Task requirements
The entries are to be reproduced word for word, with all images left out.
START Input for this task
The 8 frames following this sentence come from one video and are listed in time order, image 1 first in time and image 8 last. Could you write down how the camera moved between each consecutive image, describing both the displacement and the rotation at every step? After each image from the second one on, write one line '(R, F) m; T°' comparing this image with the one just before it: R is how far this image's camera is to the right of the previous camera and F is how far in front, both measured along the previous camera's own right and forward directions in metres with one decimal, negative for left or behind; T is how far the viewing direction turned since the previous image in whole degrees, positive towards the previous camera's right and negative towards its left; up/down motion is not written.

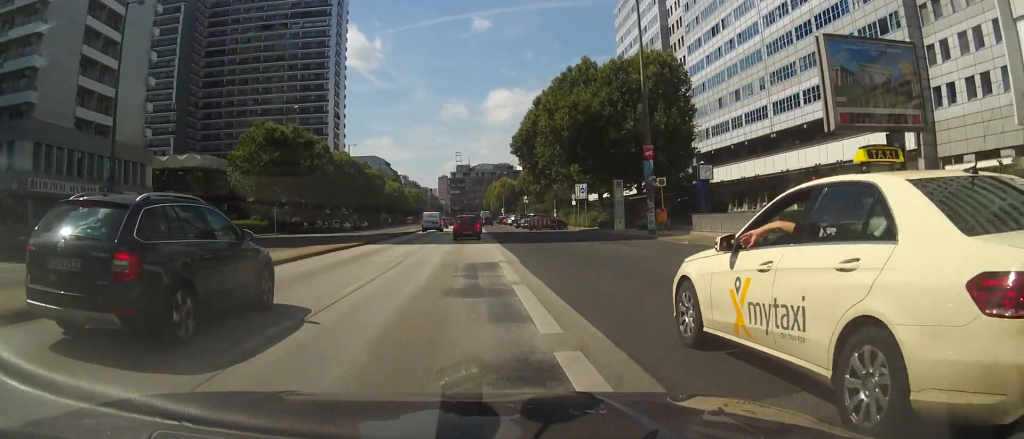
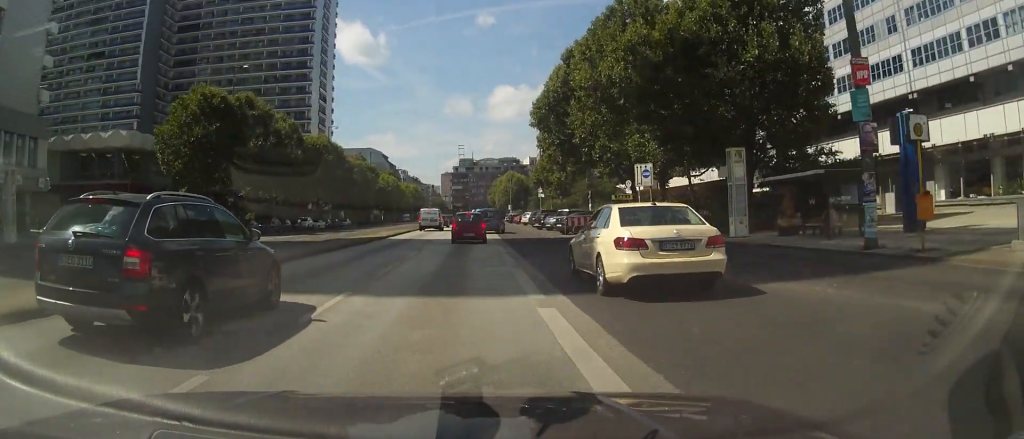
(-0.9, +21.4) m; -3°
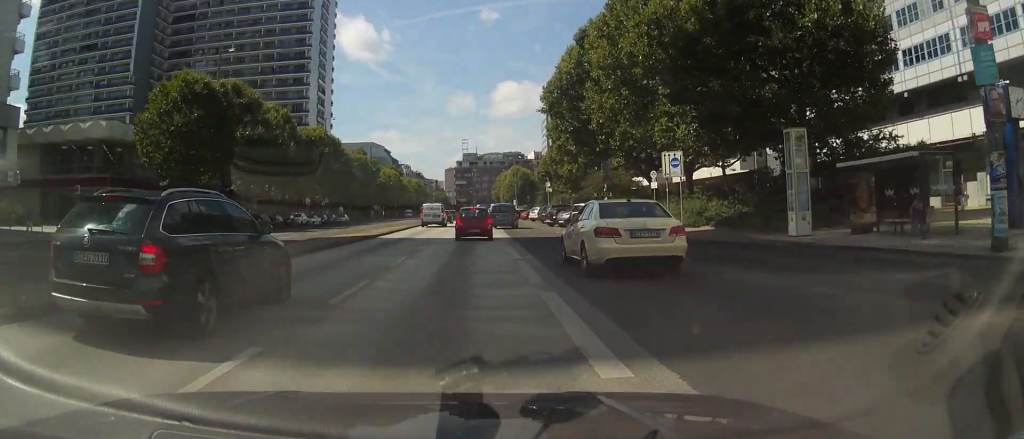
(0.0, +5.3) m; 0°
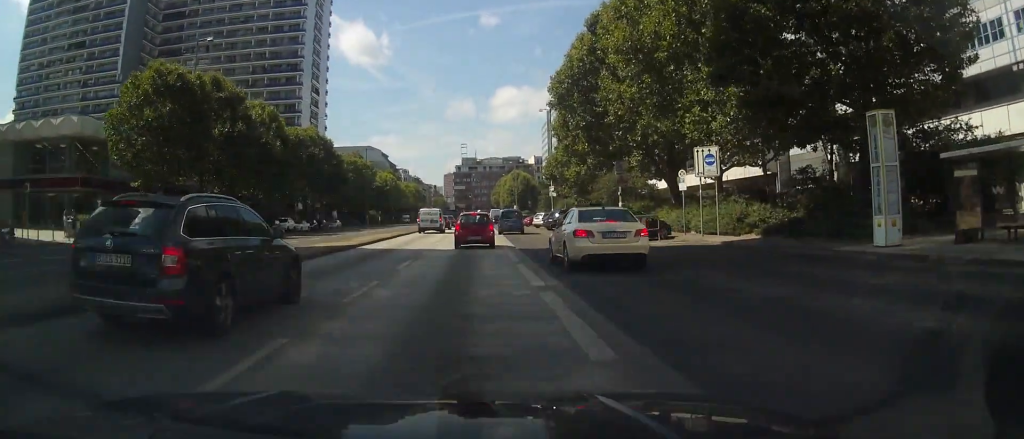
(0.0, +5.8) m; 0°
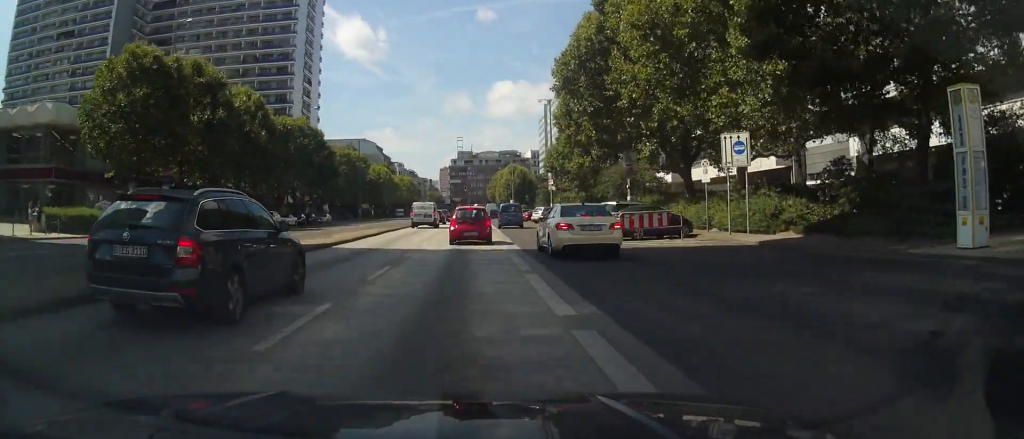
(0.0, +4.1) m; 0°
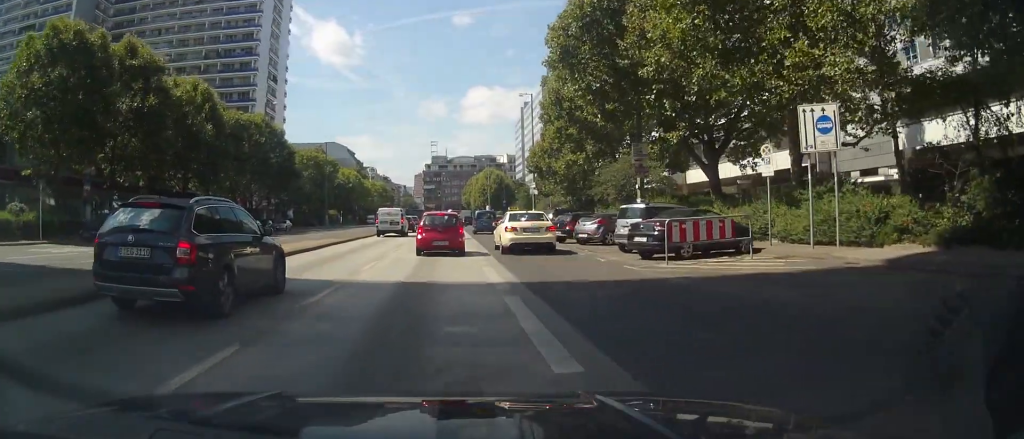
(0.0, +9.0) m; +2°
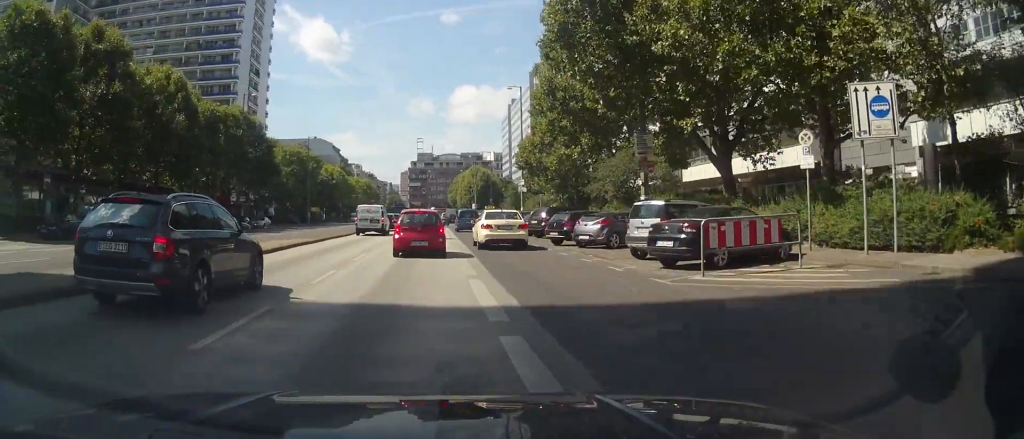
(0.0, +3.6) m; +1°
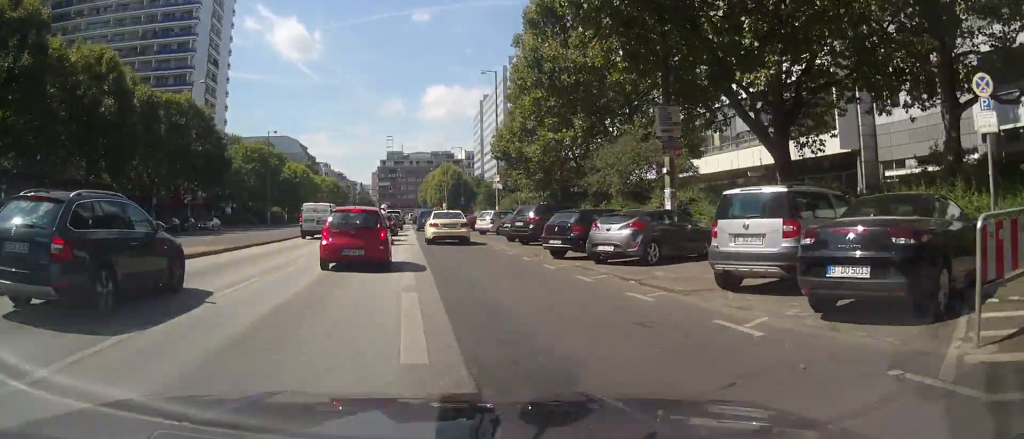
(+0.4, +8.0) m; +1°
END Input for this task
Solution
The 8 frames following this sentence come from one video and are listed in time order, image 1 first in time and image 8 last. Could you write down how the camera moved between each consecutive image, describing both the displacement and the rotation at every step? After each image from the second one on, write one line '(R, F) m; T°' comparing this image with the one just before it: R is how far this image's camera is to the right of the previous camera and F is how far in front, both measured along the previous camera's own right and forward directions in metres with one decimal, negative for left or behind; T is how far the viewing direction turned since the previous image in whole degrees, positive towards the previous camera's right and negative towards its left; up/down motion is not written.

(-0.9, +21.4) m; -3°
(0.0, +5.3) m; 0°
(0.0, +5.8) m; 0°
(0.0, +4.1) m; 0°
(0.0, +9.0) m; +2°
(0.0, +3.6) m; +1°
(+0.4, +8.0) m; +1°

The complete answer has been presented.